### WHAT IS EXPECTED
Output exactly the lines of the listing below that run from the line with "Topology: 55 solids, 55" through the line with "Topology: 3 solids, 3". No pictures.
# # # #
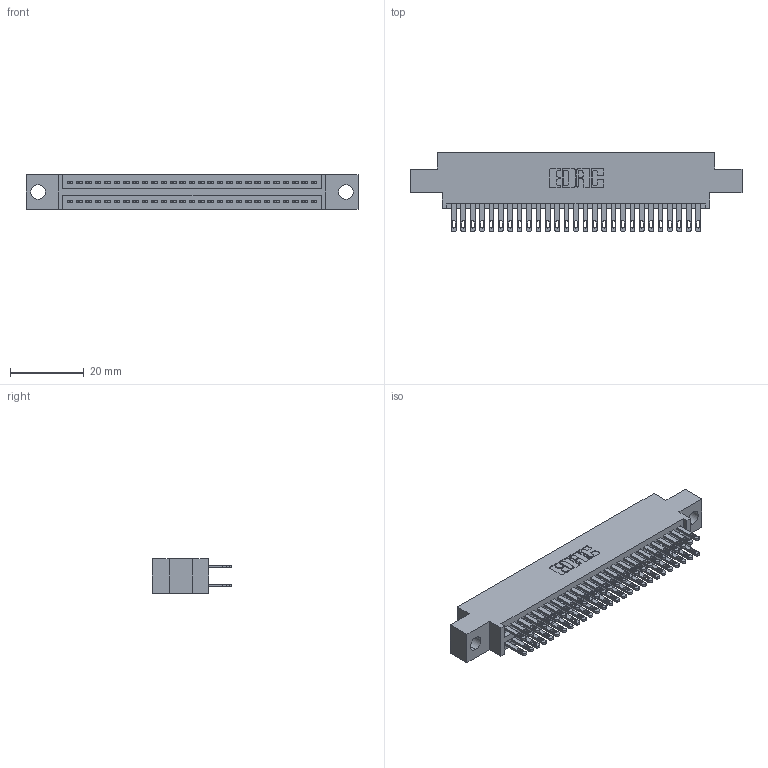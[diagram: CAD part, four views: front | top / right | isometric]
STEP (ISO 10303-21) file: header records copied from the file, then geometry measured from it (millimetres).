
FILE_DESCRIPTION (( 'STEP AP203' ), '1' );
FILE_NAME ('345-054-500-804.STEP', '2021-05-20T03:58:16', ( '' ), ( '' ), 'SwSTEP 2.0', 'SolidWorks 2020', '' );
FILE_SCHEMA (( 'CONFIG_CONTROL_DESIGN' ));
Length unit declared in the file: inch
Products named in the file (3): 345-292-001_345-293-100; 345 Part_0.170 Offset - 0.156 Dia-TI; 345-054-500-804
Assembly tree (55 placements, depth 2):
  345-054-500-804
    345 Part_0.170 Offset - 0.156 Dia-TI
    345-292-001_345-293-100  x54
Bounding box: 89.79 x 21.51 x 9.4 mm (x, y, z)
Volume: 8528.6 mm3; surface area: 12862.1 mm2
Topology: 55 solids, 55 shells, 2628 faces, 8003 edges, 5334 vertices
Faces by surface type: plane 1556, cylinder 1072
Entity records: 23685 total; most frequent: CARTESIAN_POINT 3990, ORIENTED_EDGE 3922, DIRECTION 3537, EDGE_CURVE 1961, LINE 1717, VECTOR 1717, VERTEX_POINT 1306, AXIS2_PLACEMENT_3D 910
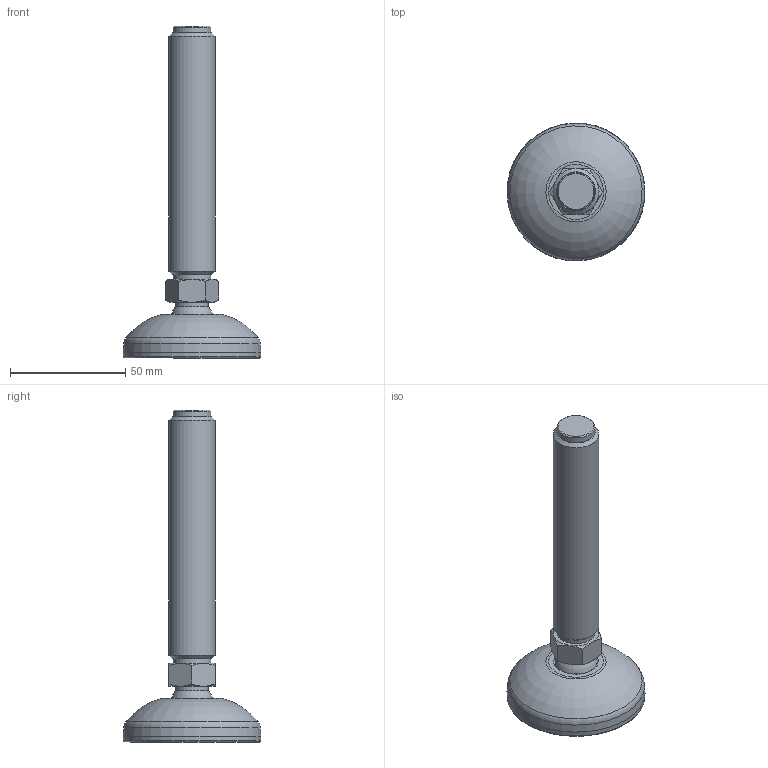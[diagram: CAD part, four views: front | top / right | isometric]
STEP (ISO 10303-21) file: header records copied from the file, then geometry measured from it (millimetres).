
FILE_DESCRIPTION(/* description */ ('AC2F'),/* implementation_level */ '2;1');
FILE_NAME(/* name */ '6322440',/* time_stamp */ '2018-06-06T09:28:58+02:00',/* author */ ('Zorzan Davide'),/* organization */ ('Gamm Srl.'),/* preprocessor_version */ 'ST-DEVELOPER v16.7',/* originating_system */ 'DEX',/* authorisation */ $);
FILE_SCHEMA (('CONFIG_CONTROL_DESIGN'));
Length unit declared in the file: millimetre
Products named in the file (4): 6322440; 6305030; 1875105; 6314035
Assembly tree (3 placements, depth 2):
  6322440
    6305030
    1875105
    6314035
Bounding box: 59.91 x 59.91 x 144.2 mm (x, y, z)
Volume: 70434.5 mm3; surface area: 26651.1 mm2
Topology: 3 solids, 3 shells, 86 faces, 214 edges, 140 vertices
Faces by surface type: plane 42, torus 14, cylinder 10, cone 10, sphere 10
Full cylindrical faces by diameter (mm): 14.304 x1, 15.7 x1, 16 x1, 16.2 x1, 16.5 x2, 18.322 x1, 20 x1, 53 x2
Entity records: 2759 total; most frequent: CARTESIAN_POINT 556, DIRECTION 416, ORIENTED_EDGE 346, AXIS2_PLACEMENT_3D 181, EDGE_CURVE 173, VERTEX_POINT 127, EDGE_LOOP 120, FACE_BOUND 120
# # # #
### TASK RESULT
Topology: 55 solids, 55 shells, 2628 faces, 8003 edges, 5334 vertices
Faces by surface type: plane 1556, cylinder 1072
Entity records: 23685 total; most frequent: CARTESIAN_POINT 3990, ORIENTED_EDGE 3922, DIRECTION 3537, EDGE_CURVE 1961, LINE 1717, VECTOR 1717, VERTEX_POINT 1306, AXIS2_PLACEMENT_3D 910
[diagram: CAD part, four views: front | top / right | isometric]
STEP (ISO 10303-21) file: header records copied from the file, then geometry measured from it (millimetres).
FILE_DESCRIPTION(/* description */ ('AC2F'),/* implementation_level */ '2;1');
FILE_NAME(/* name */ '6322440',/* time_stamp */ '2018-06-06T09:28:58+02:00',/* author */ ('Zorzan Davide'),/* organization */ ('Gamm Srl.'),/* preprocessor_version */ 'ST-DEVELOPER v16.7',/* originating_system */ 'DEX',/* authorisation */ $);
FILE_SCHEMA (('CONFIG_CONTROL_DESIGN'));
Length unit declared in the file: millimetre
Products named in the file (4): 6322440; 6305030; 1875105; 6314035
Assembly tree (3 placements, depth 2):
  6322440
    6305030
    1875105
    6314035
Bounding box: 59.91 x 59.91 x 144.2 mm (x, y, z)
Volume: 70434.5 mm3; surface area: 26651.1 mm2
Topology: 3 solids, 3 shells, 86 faces, 214 edges, 140 vertices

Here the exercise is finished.